Probabilmente mi credono una specie di freak “genderconfuso” e il libanese che di solito si occupa di me ha preso a passarmi regolarmente il tagliacapelli anche sulle basette e su una parte della faccia. Ogni tanto mi propone il rasoio. L’ultima volta me l’ha mostrato, ha sorriso e mi ha detto “che ne pensi?”, con l’aria di un amico che la sa lunga. Mi sono sentita tentata e ho avvertito una piccola flessione interna, come se l’omone che vive dentro di me avesse gonfiato i muscoli. Alla fine ho declinato. A volte accetto.

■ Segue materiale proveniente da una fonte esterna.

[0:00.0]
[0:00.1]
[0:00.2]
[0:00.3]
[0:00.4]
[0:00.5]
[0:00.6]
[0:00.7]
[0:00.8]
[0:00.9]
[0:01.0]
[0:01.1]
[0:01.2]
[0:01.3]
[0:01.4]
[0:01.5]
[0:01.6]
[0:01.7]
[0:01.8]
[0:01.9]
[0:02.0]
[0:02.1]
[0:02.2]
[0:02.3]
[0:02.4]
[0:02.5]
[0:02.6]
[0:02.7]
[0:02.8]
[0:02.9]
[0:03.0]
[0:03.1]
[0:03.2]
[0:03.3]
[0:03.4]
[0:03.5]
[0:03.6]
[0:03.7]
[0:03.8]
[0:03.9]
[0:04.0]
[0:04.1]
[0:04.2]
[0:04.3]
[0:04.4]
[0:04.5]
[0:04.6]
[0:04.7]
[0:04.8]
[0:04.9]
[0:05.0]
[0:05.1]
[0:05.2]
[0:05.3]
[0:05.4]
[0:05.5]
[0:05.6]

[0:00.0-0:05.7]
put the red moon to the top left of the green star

Mentre guardavo un programma di candid camera sul televisore ultrapiatto che pende proprio accanto all’ingresso e prestavo distrattamente orecchio alle conversazioni casuali che mi arrivavano addosso a ondate, ho realizzato che trovo la lingua araba bellissima. Il barbiere mi ha detto che se ho voglia di impararla posso provarci anche online e mi ha dato qualche dritta. Ho i miei bei dubbi al riguardo, non posso imparare l’arabo prima di aver acquisito un tedesco decente, è una questione di principio.

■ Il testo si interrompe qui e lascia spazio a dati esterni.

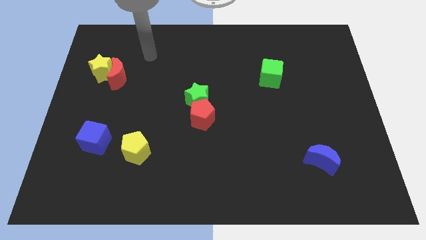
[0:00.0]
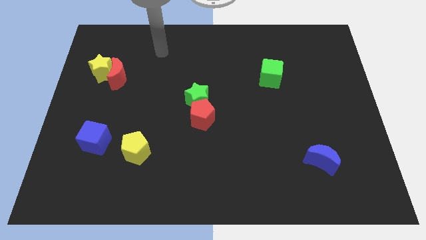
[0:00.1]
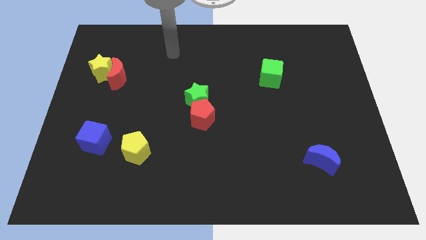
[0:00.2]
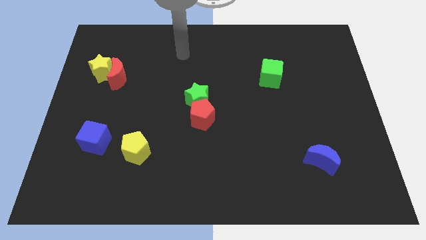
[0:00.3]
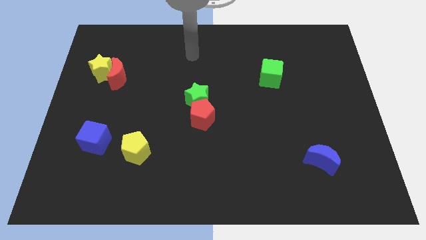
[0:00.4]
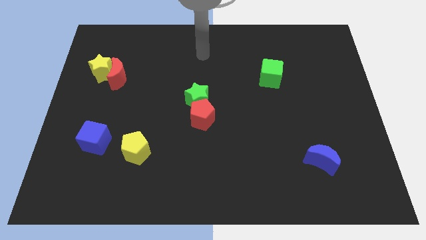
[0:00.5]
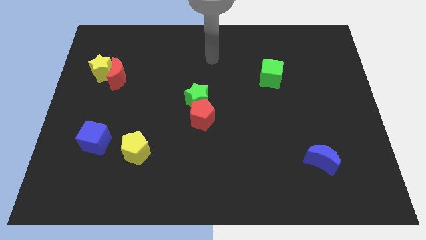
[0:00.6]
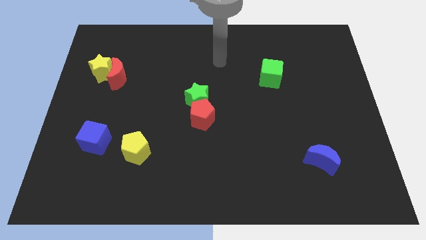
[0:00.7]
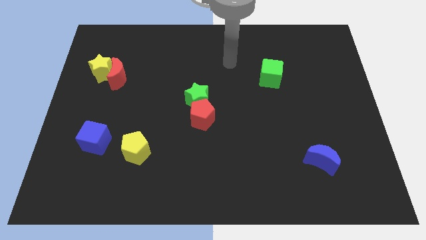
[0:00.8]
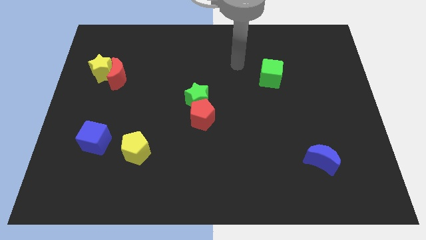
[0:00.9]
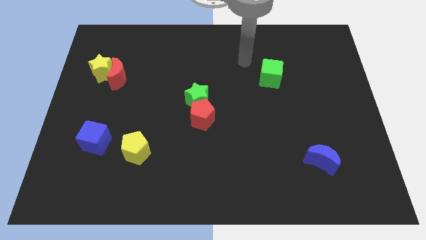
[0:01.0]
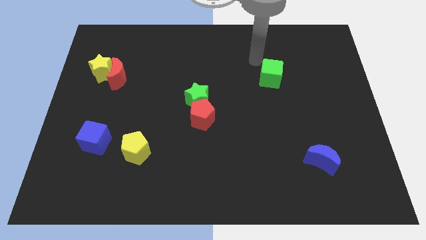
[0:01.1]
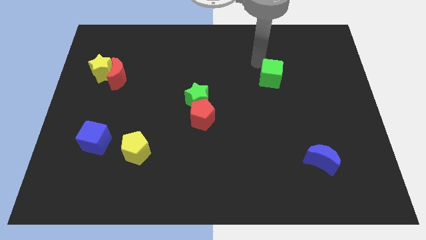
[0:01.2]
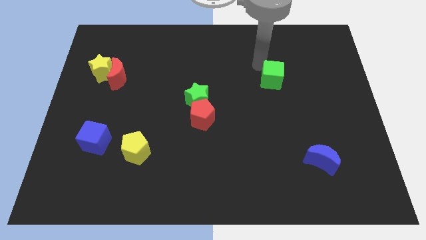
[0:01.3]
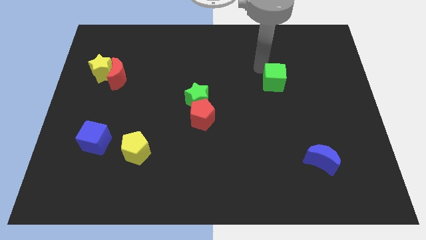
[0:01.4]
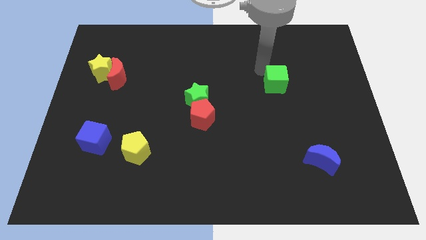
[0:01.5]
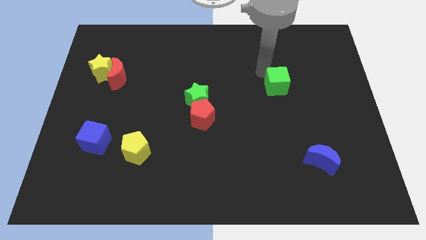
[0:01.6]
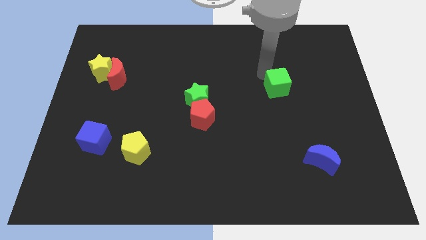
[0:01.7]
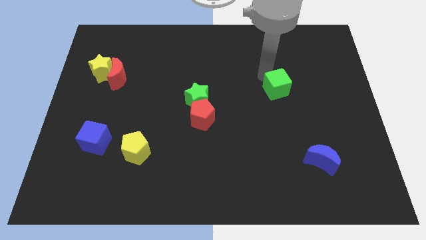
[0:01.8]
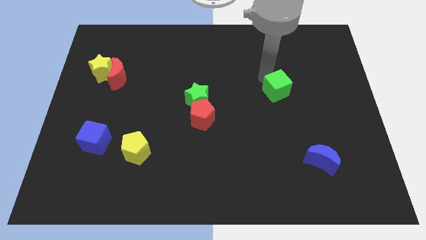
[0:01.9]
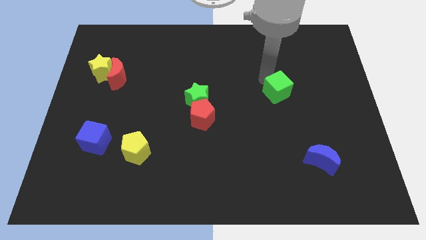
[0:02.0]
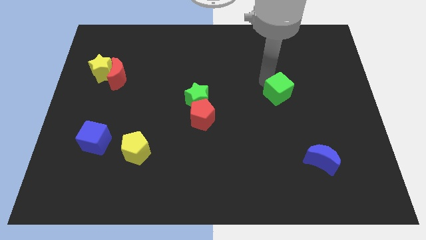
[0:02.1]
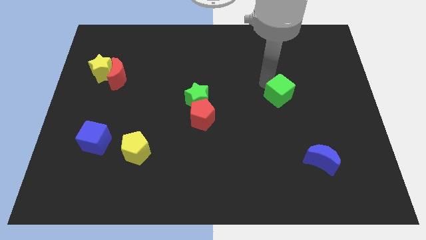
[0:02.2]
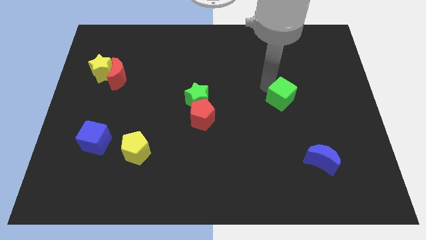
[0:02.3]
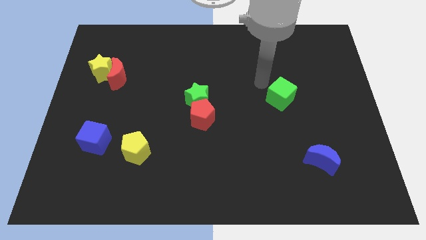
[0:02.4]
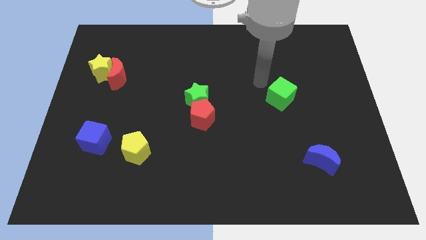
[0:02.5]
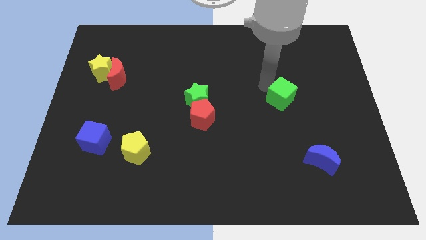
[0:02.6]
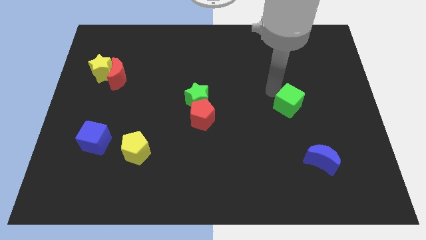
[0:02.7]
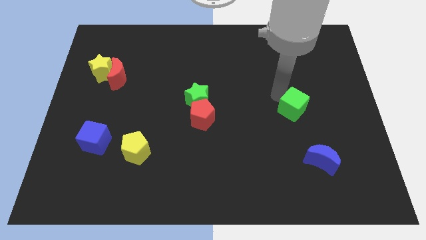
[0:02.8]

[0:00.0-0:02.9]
slide the green cube above the blue moon

Il mio chitarrista sta molto opportunamente frequentando la Volkshochschule, di cui ho un’esperienza che risale ai tempi di Colonia. Il mio insegnante era polacco, divertente, bizzarro, decisamente gay friendly e molto buono. Ancora mi manca. I miei compagni erano una congerie improbabile. Tra loro spiccava un certo Mohamed. Emigrato in Germania per sfuggire al fisco italiano, violava ogni tipo di norma, giuridica e morale. Prendeva regolarmente multe di cui si disinteressava. “La macchina non è mia, me l’ha prestata un amico”, ci rassicurava. Aveva una fidanzata storica, ma andava con altre donne senza mai confessarglielo perché nella vita è fondamentale tradire con rispetto”. Ovviamente si aspettava che lei restasse a casa a fare la muffa e a venerarlo come un dio minore, perché “la donna tradisce sempre con il cuore, mai solo con il corpo. Devo dire che in materia di doppia morale aveva appreso la lezione italiana alla perfezione.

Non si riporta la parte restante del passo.